New works, old favorites
2018 Santa Fe Opera season is highlighted by NM-centered ‘Doctor Atomic’
Leonard Bernstein’s “Candide” and John Adams’ “Doctor Atomic” form both bookends and centerpieces of the 2018 Santa Fe Opera season.
The company’s production of what is considered Bernstein’s masterwork coincides with the composer’s 100th anniversary. The season also marks the Santa Fe debut of “Doctor Atomic,” which opened at the San Francisco Opera in 2005. Organizers wrapped up the summer program with a trio of classics, including Puccini’s “Madame Butterfly,” Rossini’s “The Italian Girl in Algiers” and Strauss’ “Ariadne Auf Naxos.”
“Candide” bridges opera and musical theater, SFO general director Charles MacKay said.
“It’s a great choice for people who may not be familiar with opera.
“It’s light and dark; it’s biting satire; it takes big stabs at major institutions,” he continued. “It’s still very contemporary and very apt.”
“Doctor Atomic” focuses on the profound stress and anxiety surrounding the Los Alamos workers a month before the testing of the first atomic bomb.
Audience members will trade the lights of Los Alamos for the lights of Nagasaki. Famed opera and theater director Peter Sellars will direct; he also wrote the libretto.
“The stage is wide open,” MacKay said, “and it is a fairly spare production. This is like a major domo telling epic stories of these events in 1945.”

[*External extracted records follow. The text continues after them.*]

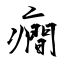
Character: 癎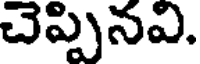
చెప్పినవి.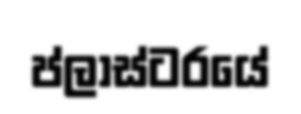
ප්ලාස්ටරයේ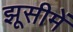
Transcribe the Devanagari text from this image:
झूसीमें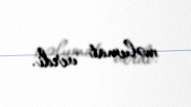
məlumat verdi.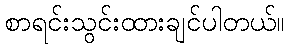
စာရင်းသွင်းထားချင်ပါတယ်။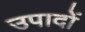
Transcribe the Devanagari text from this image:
उपादों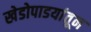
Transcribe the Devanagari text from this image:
खेडोपाडयांतून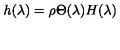
h ( \lambda ) = \rho \Theta ( \lambda ) H ( \lambda )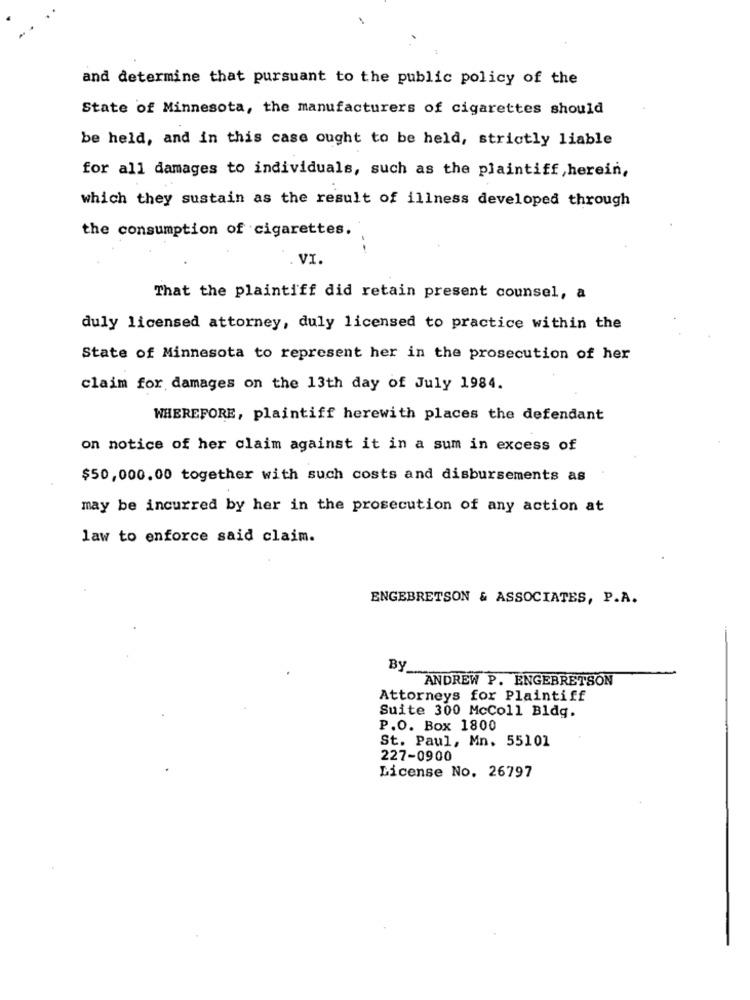
and determine that pursuant to the public policy of the
State of Minnesota, the manufacturers of cigarettes should
be held, and in this case ought to be held, strictly liable
for all damages to individuals, such as the plaintiff ,herein,
which they sustain as the result of illness developed through
the consumption of cigarettes.
--
VI.
That the plaintiff did retain present counsel, a
duly licensed attorney, duly licensed to practice within the
State of Minnesota to represent her in the prosecution of her
claim for damages on the 13th day of July 1984.
WHEREFORE, plaintiff herewith places the defendant
on notice of her claim against it in a sum in excess of
$50,000.00 together with such costs and disbursements as
may be incurred by her in the prosecution of any action at
law to enforce said claim.
ENGEBRETSON & ASSOCIATES, P.A.
By
ANDREW P. ENGEBRETSON
Attorneys for Plaintiff
Suite 300 McColl Bldg.
P.O. Box 1800
St. Paul, Mn. 55101
227-0900
License No. 26797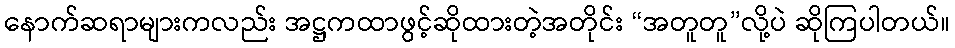
နောက်ဆရာများကလည်း အဋ္ဌကထာဖွင့်ဆိုထားတဲ့အတိုင်း “အတူတူ”လို့ပဲ ဆိုကြပါတယ်။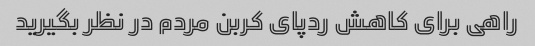
راهی برای کاهش ردپای کربن مردم در نظر بگیرید

The musical lyricism of the tragic “Madame Butterfly” draws both newcomers and traditionalists to the opera, MacKay said.
Its story of the naive Japanese girl and her ruthless American lover still resonates, he added.

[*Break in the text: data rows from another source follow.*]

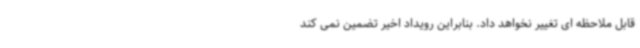
قابل ملاحظه ای تغییر نخواهد داد. بنابراین رویداد اخیر تضمین نمی کند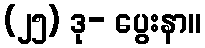
(၂၅) ဒု- ပွေးနာ။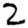
Digit: 2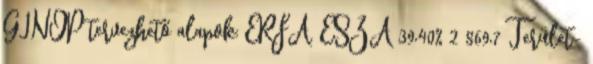
GINOP tervezhető alapok: ERFA, ESZA 39,40% 2 869,7 Terület-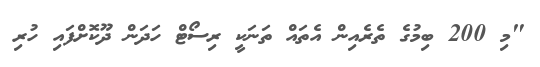
"މި 200 ބިމުގެ ތެރެއިން އެތައް ތަނަކީ ރިސޯޓް ހަދަން ދޫކޮށްފައި ހުރި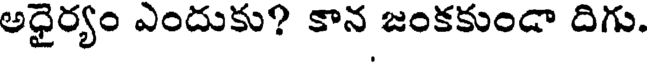
అధైర్యం ఎందుకు? కాన జంకకుండా దిగు.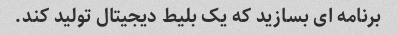
برنامه ای بسازید که یک بلیط دیجیتال تولید کند.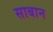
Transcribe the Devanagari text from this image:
साबान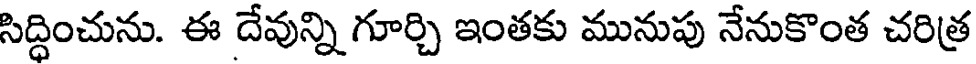
సిద్ధించును. ఈ దేవున్ని గూర్చి ఇంతకు మునుపు నేనుకొంత చరిత్ర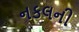
નકલની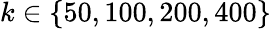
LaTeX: k\in\{ 50,100,200,400\}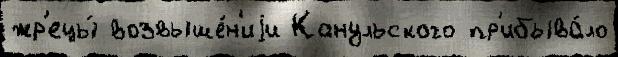
жр'ецы́ возвыше́н'иjи Канульского пр'ибыва́ло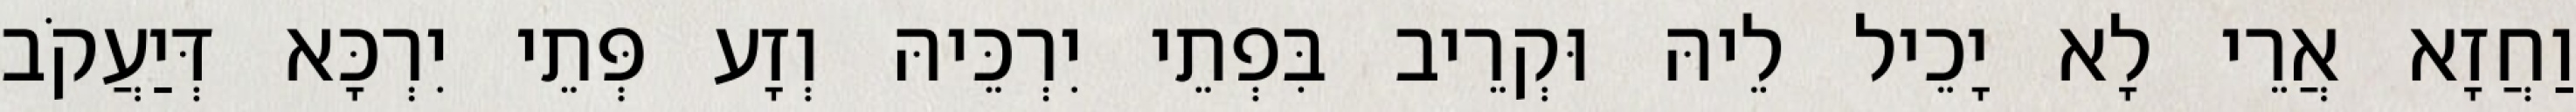
וַחֲזָא אֲרֵי לָא יָכֵיל לֵיהּ וּקְרֵיב בִּפְתֵי יִרְכֵּיהּ וְזָע פְּתֵי יִרְכָּא דְּיַעֲקֹב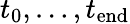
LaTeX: {t_{\mathrm{0}},\dots,t_{\mathrm{end}}}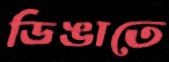
ডিঙাতে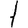
Digit: 1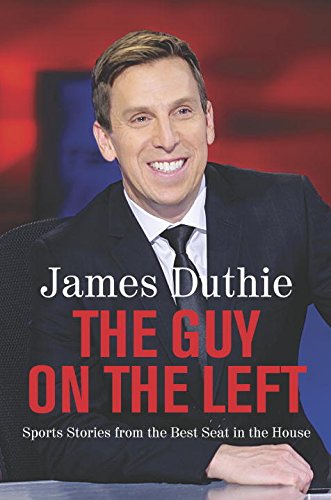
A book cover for The Guy on the Left: Sports Stories from the Best Seat in the House; James Duthie; Biographies & Memoirs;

It’s “the exploitation of the innocent young Japanese girl by the powerful American,” MacKay said, “even though I think on some level he loves her; but he takes advantage of her and abandons her. The fact that it depicts suicide also adds another layer to the sense of tragedy.”
“The Italian Girl from Algiers” is a delightful romp.
“It’s a silly story,” MacKay said. “It has all the elements of Italian opera. It’s almost a farce and kind of a sitcom.”
The woman in question searches for her lover after inserting herself into a harem. Santa Fe has updated the opera to the early 20th century, with a clever aviatrix as its heroine.
“It was the runaway hit of the 2002 season,” MacKay said.
“Ariadne Auf Naxos,” along with “Madame Butterfly,” was performed at Santa Fe’s 1957 debut.
“It’s sort of a collision of tragic opera and comedy,” MacKay said. “The premise is that, in a great house, probably in Vienna, there is a party being hosted by a wealthy nobleman who considers a serious opera and a lighter opera formed by a group of comedians. The major domo decides, because time is limited, we have to combine them.”
This summer marks MacKay’s final season before his retirement to hiking and fly fishing.
He says the landmark hasn’t sunk in yet.
“I’m way, way too busy. I just want to savor this glorious moment.”